My final thank you is for all those that supported and aided me in getting tested and treated for CCSVI! 

Please if you haven't been tested for CCSVI do so. It could change your life!

PS: If anyone missed my CCSVI procedure day write up ( I still get questions about it..lol) its here 

Wednesday, January 30, 2013

MS is a very personal journey. Respect it.



Well I have been away for some time. Thought it was time for a quick update.

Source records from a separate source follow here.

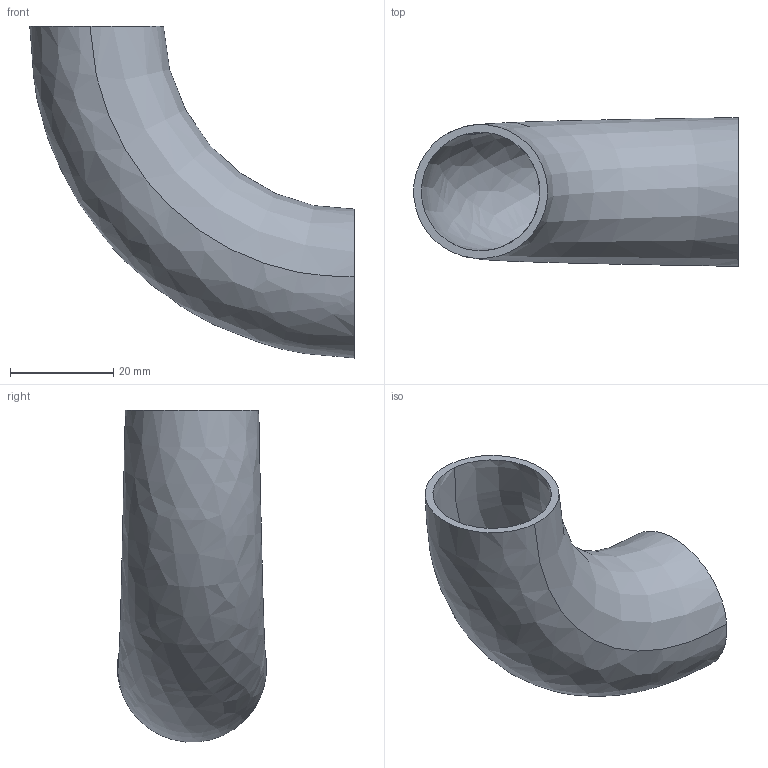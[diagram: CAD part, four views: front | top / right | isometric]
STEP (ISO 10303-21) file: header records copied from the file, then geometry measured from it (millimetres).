
FILE_DESCRIPTION (( 'STEP AP203' ), '1' );
FILE_NAME ('3D_M-3003GEB_29x1.5_174783815_174784025.STEP', '2024-09-12T06:22:32', ( '' ), ( '' ), 'SwSTEP 2.0', 'SolidWorks 2024', '' );
FILE_SCHEMA (( 'CONFIG_CONTROL_DESIGN' ));
Length unit declared in the file: millimetre
Products named in the file (1): 3D_M-3003GEB_29x1.5_174783815_174784025
Bounding box: 62.96 x 28.9 x 64.45 mm (x, y, z)
Volume: 9619.7 mm3; surface area: 13073.4 mm2
Topology: 1 solids, 1 shells, 6 faces, 12 edges, 8 vertices
Faces by surface type: bspline 4, plane 2
Entity records: 4932 total; most frequent: CARTESIAN_POINT 4746, ORIENTED_EDGE 24, DIRECTION 14, EDGE_CURVE 12, EDGE_LOOP 8, VERTEX_POINT 8, PERSON_AND_ORGANIZATION 8, B_SPLINE_CURVE_WITH_KNOTS 8
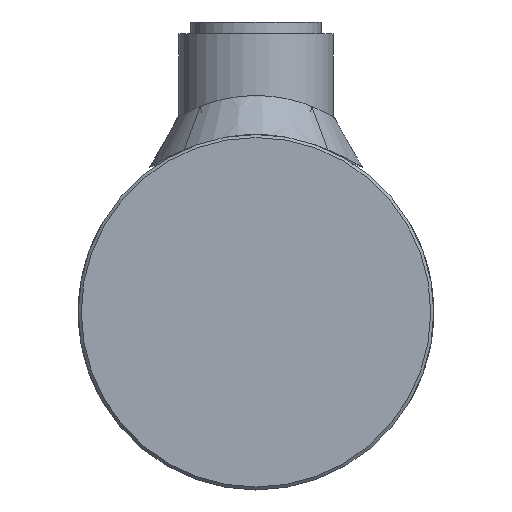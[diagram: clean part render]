
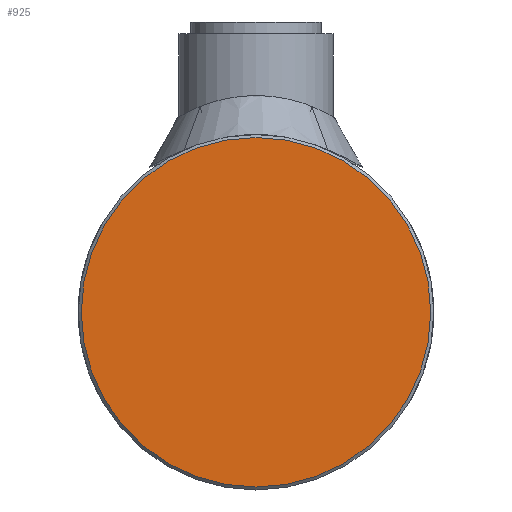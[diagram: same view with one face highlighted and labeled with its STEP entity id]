
A CAD part, left-side view. The second image highlights one B-rep face of the part: STEP entity #925.
In plain terms, the highlighted planar face has unit normal (-1, 0, 0).
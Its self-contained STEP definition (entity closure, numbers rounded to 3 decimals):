
#925 = ADVANCED_FACE( '', ( #1766 ), #1767, .T. );
#1766 = FACE_OUTER_BOUND( '', #6255, .T. );
#1767 = PLANE( '', #6256 );
#6255 = EDGE_LOOP( '', ( #8645 ) );
#6256 = AXIS2_PLACEMENT_3D( '', #8646, #8647, #8648 );
#8645 = ORIENTED_EDGE( '', *, *, #9313, .T. );
#8646 = CARTESIAN_POINT( '', ( -49., 0., 0. ) );
#8647 = DIRECTION( '', ( -1., 0., 0. ) );
#8648 = DIRECTION( '', ( 0., -1., 0. ) );
#9313 = EDGE_CURVE( '', #10090, #10090, #10091, .T. );
#10090 = VERTEX_POINT( '', #12812 );
#10091 = CIRCLE( '', #12813, 29.5 );
#12812 = CARTESIAN_POINT( '', ( -49., -29.5, 0. ) );
#12813 = AXIS2_PLACEMENT_3D( '', #13480, #13481, #13482 );
#13480 = CARTESIAN_POINT( '', ( -49., 0., 0. ) );
#13481 = DIRECTION( '', ( -1., 0., 0. ) );
#13482 = DIRECTION( '', ( 0., -1., 0. ) );
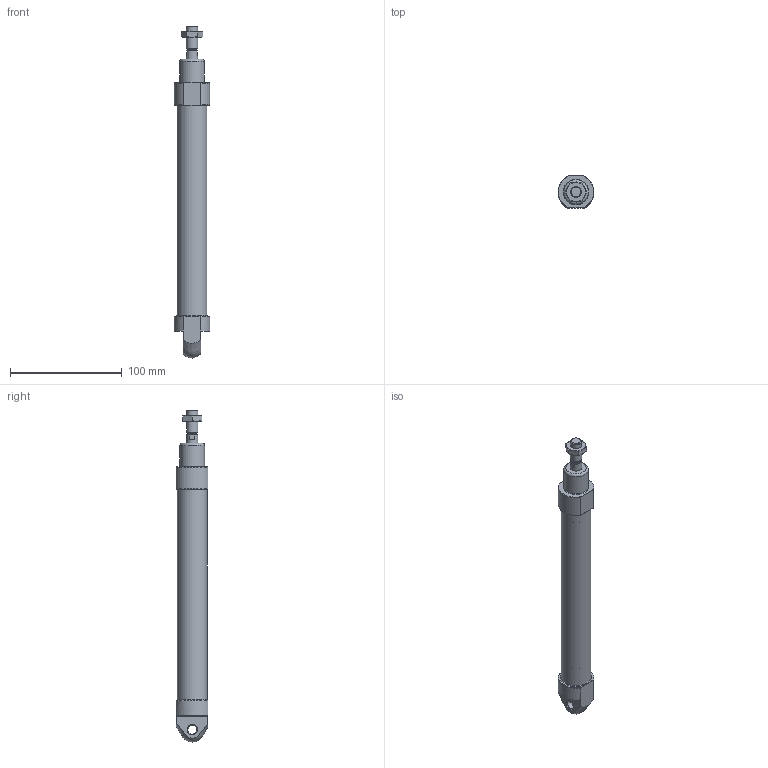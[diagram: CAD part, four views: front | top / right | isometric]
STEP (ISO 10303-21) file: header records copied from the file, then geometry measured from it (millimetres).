
FILE_DESCRIPTION(/* description */ ('STEP AP214'),/* implementation_level */ '2;1');
FILE_NAME(/* name */ '2159643_CRDSNU-B-25-160-PPS-A-MG-A1',/* time_stamp */ '2024-08-08T15:46:32+02:00',/* author */ ('License CC BY-ND 4.0'),/* organization */ ('CADENAS'),/* preprocessor_version */ 'ST-DEVELOPER v19.3',/* originating_system */ 'PARTsolutions',/* authorisation */ ' ');
FILE_SCHEMA (('AUTOMOTIVE_DESIGN {1 0 10303 214 3 1 1}'));
Length unit declared in the file: millimetre
Products named in the file (4): 2159643 CRDSNU-B-25-160-PPS-A-MG-A1---(0); CRDSNU-B-25-PPS-MG-A1---(160)ZR; CRDSNU-B 25---(160)K; DIN-439-B - M10x1.25(F)
Assembly tree (3 placements, depth 2):
  2159643 CRDSNU-B-25-160-PPS-A-MG-A1---(0)
    CRDSNU-B-25-PPS-MG-A1---(160)ZR
    CRDSNU-B 25---(160)K
    DIN-439-B - M10x1.25(F)
Bounding box: 32 x 28.3 x 297 mm (x, y, z)
Volume: 81401.1 mm3; surface area: 50073.6 mm2
Topology: 3 solids, 3 shells, 83 faces, 196 edges, 124 vertices
Faces by surface type: plane 35, cylinder 18, cone 17, torus 12, sphere 1
Full cylindrical faces by diameter (mm): 8 x1, 8.4 x1, 8.566 x2, 8.647 x1, 10 x3, 22 x1, 25 x2, 26.52 x1
Entity records: 2389 total; most frequent: CARTESIAN_POINT 561, DIRECTION 360, ORIENTED_EDGE 316, AXIS2_PLACEMENT_3D 159, EDGE_CURVE 158, FACE_BOUND 125, EDGE_LOOP 124, VERTEX_POINT 117
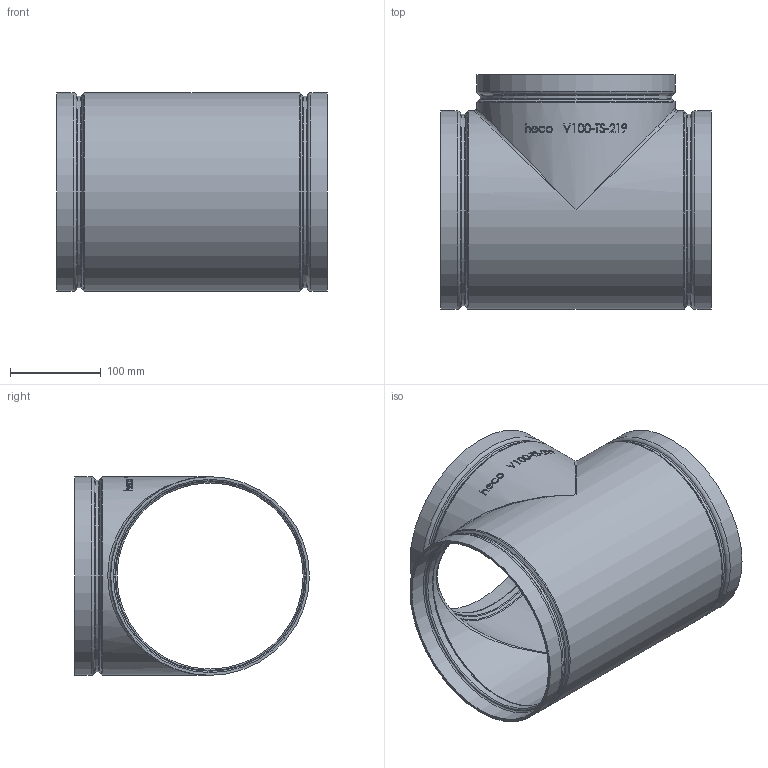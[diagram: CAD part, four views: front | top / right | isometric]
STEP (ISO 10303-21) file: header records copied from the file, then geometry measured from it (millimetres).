
FILE_DESCRIPTION (( 'STEP AP214' ), '1' );
FILE_NAME ('V100-TS-219-x Typ E492 DN200 800 Ø219,1 1812.STEP', '2018-12-14T09:57:25', ( '' ), ( '' ), 'SwSTEP 2.0', 'SolidWorks 2016', '' );
FILE_SCHEMA (( 'AUTOMOTIVE_DESIGN' ));
Length unit declared in the file: inch
Products named in the file (1): V100-TS-219-x Typ E492 DN200 800 Ø219,1 1812
Bounding box: 298.7 x 258.89 x 219.09 mm (x, y, z)
Volume: 658101.7 mm3; surface area: 441285.4 mm2
Topology: 1 solids, 1 shells, 218 faces, 552 edges, 352 vertices
Faces by surface type: bspline 103, plane 49, cylinder 36, torus 24, cone 6
Full cylindrical faces by diameter (mm): 205.207 x3, 211.201 x3, 213.081 x5, 219.075 x5
Entity records: 29692 total; most frequent: CARTESIAN_POINT 23527, ORIENTED_EDGE 970, DIRECTION 502, EDGE_CURVE 485, VERTEX_POINT 339, B_SPLINE_CURVE_WITH_KNOTS 312, EDGE_LOOP 292, FACE_OUTER_BOUND 258

I was stuck this am by how judgmental and hateful people can be in their ways. Especially when it comes to how they or the people they know choose to treat their MS. Here is a news flash there are a multitude of approaches to dealing with MS. There is no wrong way and there is no right way to treat it. Things have helped people and things have made people worse. What there is though is an individuals choice on how they choose to deal with Multiple Sclerosis coming into their life. It's very personal. They get as educated and learn as they want to. They choose their path. It's what they feel is in their best interest. It is their journey and their choice. This isn't something others should judge or belittle because it's different from their choice. Please respect how others choose to deal with their MS and treat everyone with the respect you think you deserve.

Rant over. 

Stay well my friends. I will have a new update with all my MS stories since the last one soon.